Box Plot
Visualizes the attributes of a data set in box plot format.
Information at a Glance
Parameter |
Description |
---|---|
Category | Explore |
Data source type | DB, HD |
Send output to other operators | No |
Data processing tool | Pig |
Use this operator to create a graphical representation of a data set's attributes using the box-and-whisker diagrams.
For each box-and-whisker, the following applies.
- The bottom and top of the box indicate the 25th and 75th percentile of the data.
- The band in the middle of the box indicates the 50th percentile (median).
- The bottom and top of the whisker represents the minimum and maximum within the data set.
- The mean is denoted by a small circle.
The Box Plot operator allows you to choose the following three attributes (columns) in the data table:
- X dimension (Analysis Type) - Accepts a category-type attribute to construct the box plot's X-axis.
- Y dimension (Analysis Value) - Accepts a numerical attribute to construct the box plot's Y-axis.
- Grouped dimension (Analysis Series) - Accepts a category-type attribute, which is shown in diagrams of different colors.
Input
A data set from the preceding operator.
Configuration
Parameter | Description |
---|---|
Notes | Notes or helpful information about this operator's parameter settings.

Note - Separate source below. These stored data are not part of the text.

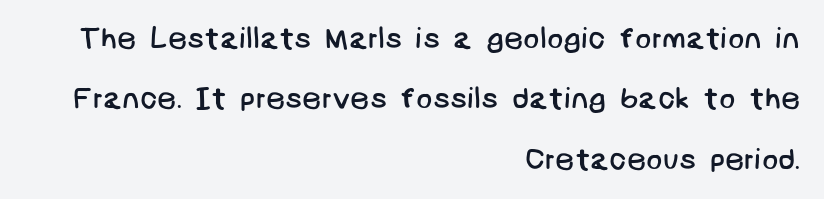
{"serif": "no", "bold": "no", "weight": "regular", "width": "normal", "stroke_contrast": "low", "x_height": "large", "underline": "no", "align": "right", "line_spacing": "loose", "line_spacing_ratio": 2.01, "letter_spacing": "normal", "letter_spacing_em": 0.0, "glyph_px": 30}
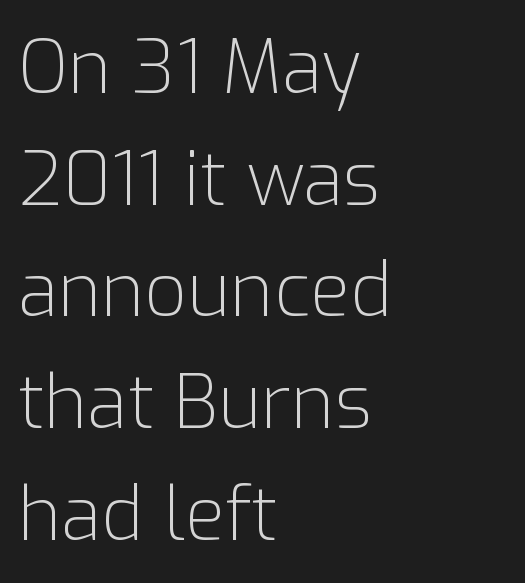
{"serif": "no", "italic": "no", "bold": "no", "weight": "light", "width": "normal", "stroke_contrast": "low", "x_height": "medium", "monospaced": "no", "underline": "no", "align": "left", "line_spacing": "normal", "line_spacing_ratio": 1.51, "letter_spacing": "normal", "letter_spacing_em": 0.0, "glyph_px": 74}
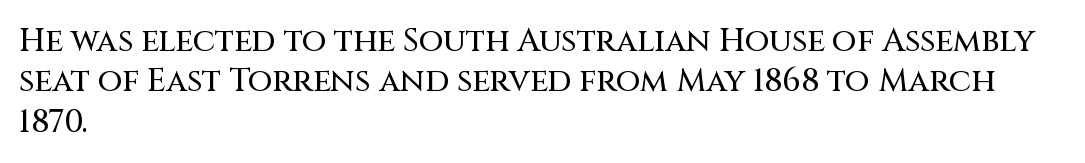
{"serif": "no", "italic": "no", "width": "normal", "stroke_contrast": "medium", "x_height": "large", "monospaced": "no", "underline": "no", "align": "left", "line_spacing": "normal", "line_spacing_ratio": 1.26, "letter_spacing": "normal", "letter_spacing_em": 0.0, "glyph_px": 32}
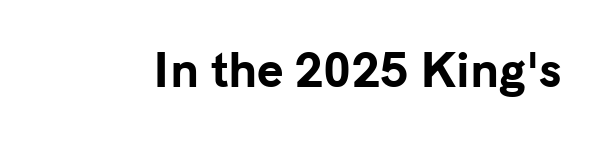
Q: Is the text bold? A: Yes.
Q: Is the text italic (slanted)? A: No, it is upright.
Q: Is the typeface a serif or a sans-serif typeface? A: Sans-serif.
Q: Is the text underlined? A: No.
Q: Is the spacing between letters normal or unusually wide? A: Normal.
Q: Width (condensed, normal, or wide)? A: Normal.
Q: Stroke contrast? A: Low.
Q: x-height? A: Medium.
Q: Monospaced? A: No.
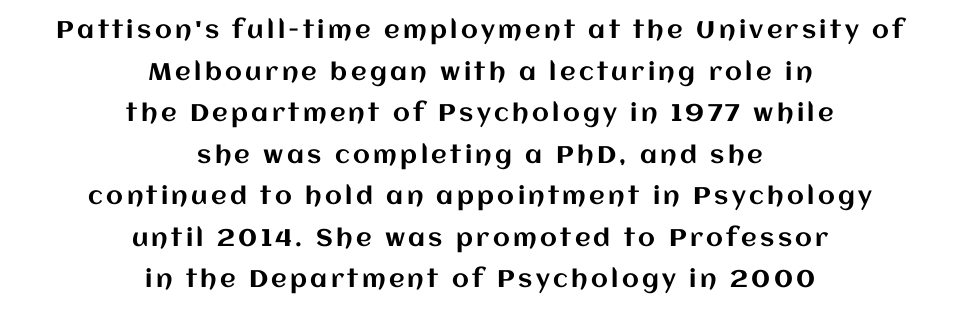
These lines stack symmetrically, like a column narrowing and widening about its center. The axis of the letterforms is exactly vertical. Underline: absent.
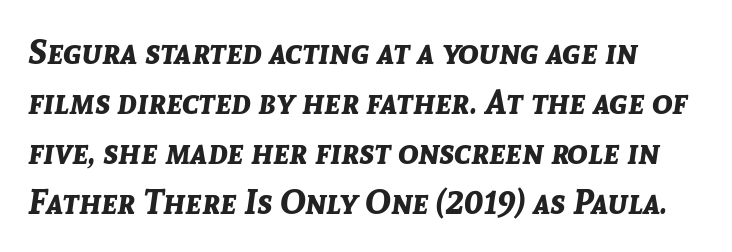
A normal amount of white space separates one row of letters from the next. The passage shown leans; its letterforms are oblique. Between one letter and the next there's only the usual sliver of space. Each letter keeps its own natural width here, so spacing adapts to shape.
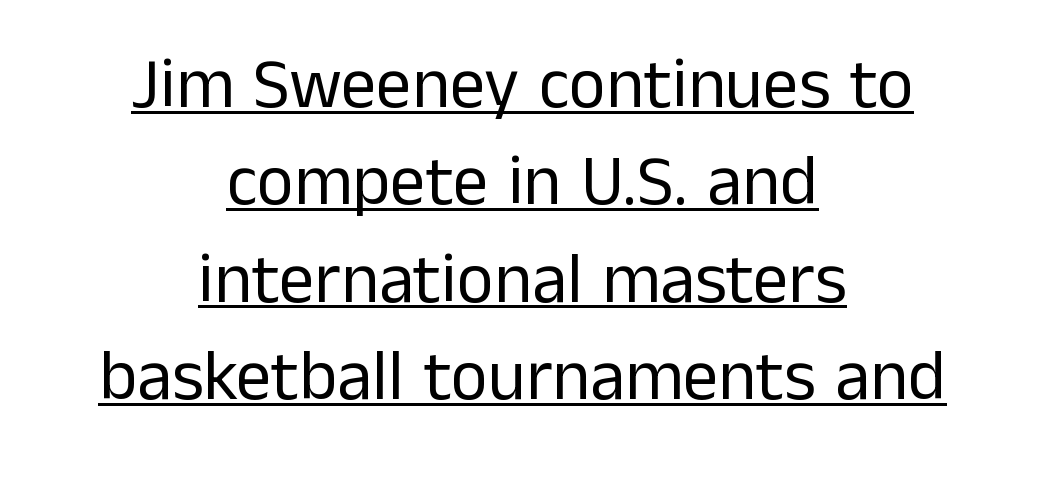
Q: Is the text bold? A: No.
Q: Is the text italic (slanted)? A: No, it is upright.
Q: Is the typeface a serif or a sans-serif typeface? A: Sans-serif.
Q: Is the text underlined? A: Yes.
Q: How is the paragraph aligned? A: Centered.
Q: Is the spacing between letters normal or unusually wide? A: Normal.
Q: Is the spacing between lines tight, normal or loose? A: Normal.
Q: Width (condensed, normal, or wide)? A: Normal.
Q: Stroke contrast? A: Low.
Q: x-height? A: Medium.
Q: Monospaced? A: No.
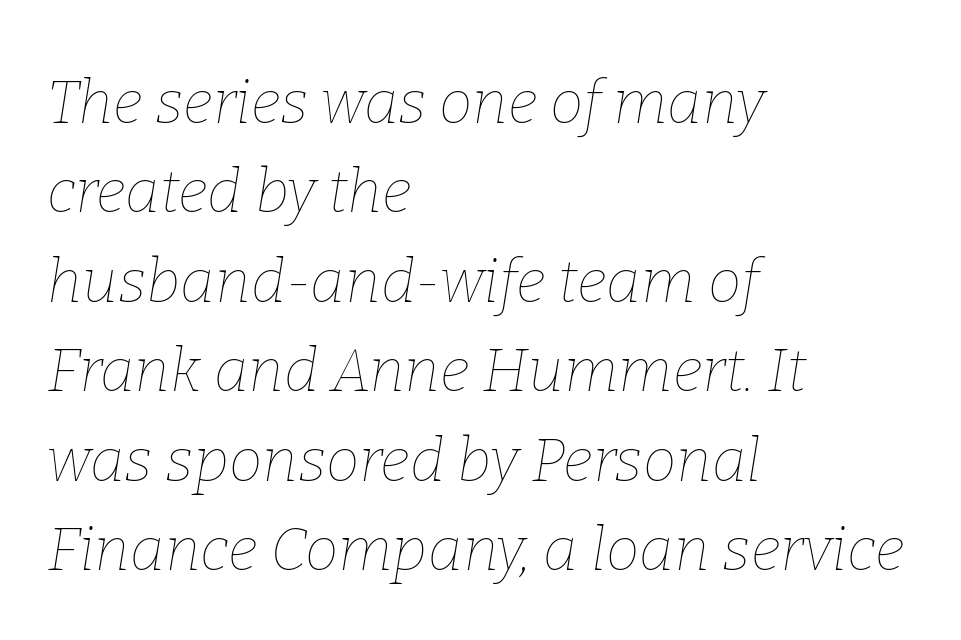
Q: Is the text bold? A: No.
Q: Is the text italic (slanted)? A: Yes, it leans right by about 9 degrees.
Q: Is the text underlined? A: No.
Q: How is the paragraph aligned? A: Left-aligned.
Q: Is the spacing between letters normal or unusually wide? A: Normal.
Q: Is the spacing between lines tight, normal or loose? A: Normal.
Q: Width (condensed, normal, or wide)? A: Normal.
Q: Stroke contrast? A: Low.
Q: x-height? A: Medium.
Q: Monospaced? A: No.
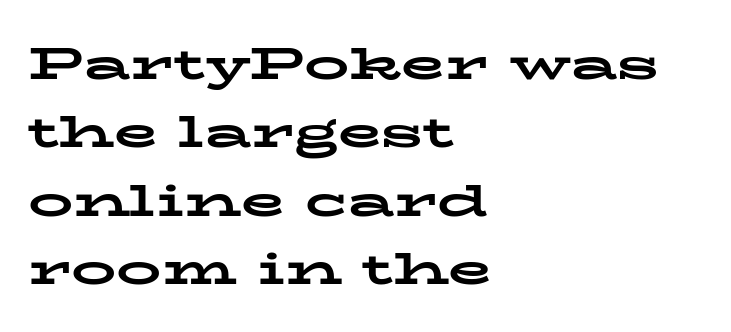
Q: Is the text bold? A: Yes.
Q: Is the text italic (slanted)? A: No, it is upright.
Q: Is the typeface a serif or a sans-serif typeface? A: Serif.
Q: Is the text underlined? A: No.
Q: How is the paragraph aligned? A: Left-aligned.
Q: Is the spacing between letters normal or unusually wide? A: Normal.
Q: Is the spacing between lines tight, normal or loose? A: Normal.
Q: Width (condensed, normal, or wide)? A: Wide.
Q: Stroke contrast? A: Low.
Q: x-height? A: Medium.
Q: Monospaced? A: No.
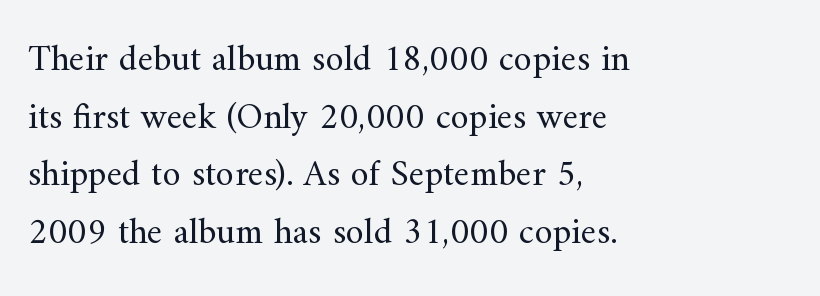
{"serif": "yes", "italic": "no", "bold": "no", "weight": "regular", "width": "normal", "stroke_contrast": "medium", "x_height": "small", "monospaced": "no", "underline": "no", "align": "left", "line_spacing": "normal", "line_spacing_ratio": 1.56, "letter_spacing": "normal", "letter_spacing_em": 0.0, "glyph_px": 37}
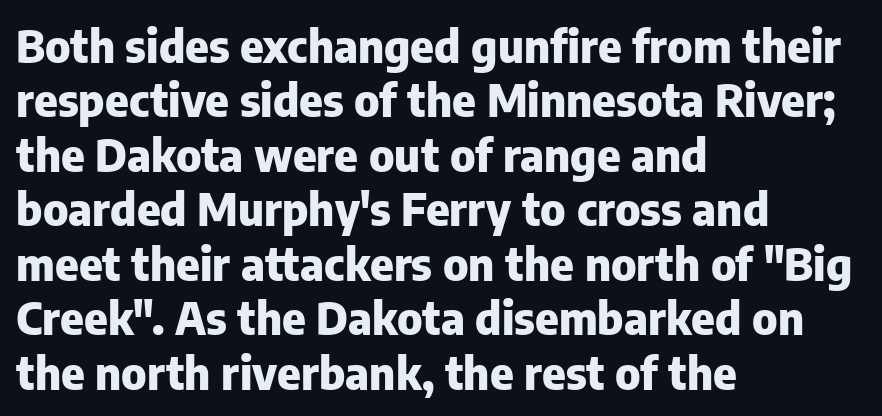
The designer went with a sans here, leaving each stem footless. Honestly, the letter spacing is just normal — you wouldn't notice it. Looks like regular typesetting: each glyph gets only the width it needs. The space beneath each line is pristine and unruled.

When you enter content in the Notes field, a yellow asterisk appears on the operator. |
Analysis Series | The categorical column for the groups. |
Analysis Type (X-axis) | The categorical column for the X-axis. |
Analysis Value (Y-axis) | The numerical column for the Y-axis. |
Use approximation (faster) | Specify whether to use approximation - Yes (the default) or No. |
Output
Example
The following example shows monthly income (Analysis Value) for delinquent/non-delinquent credit customers (AnalysisType) grouped by the Number of Times 90 Days Late (Analysis Series).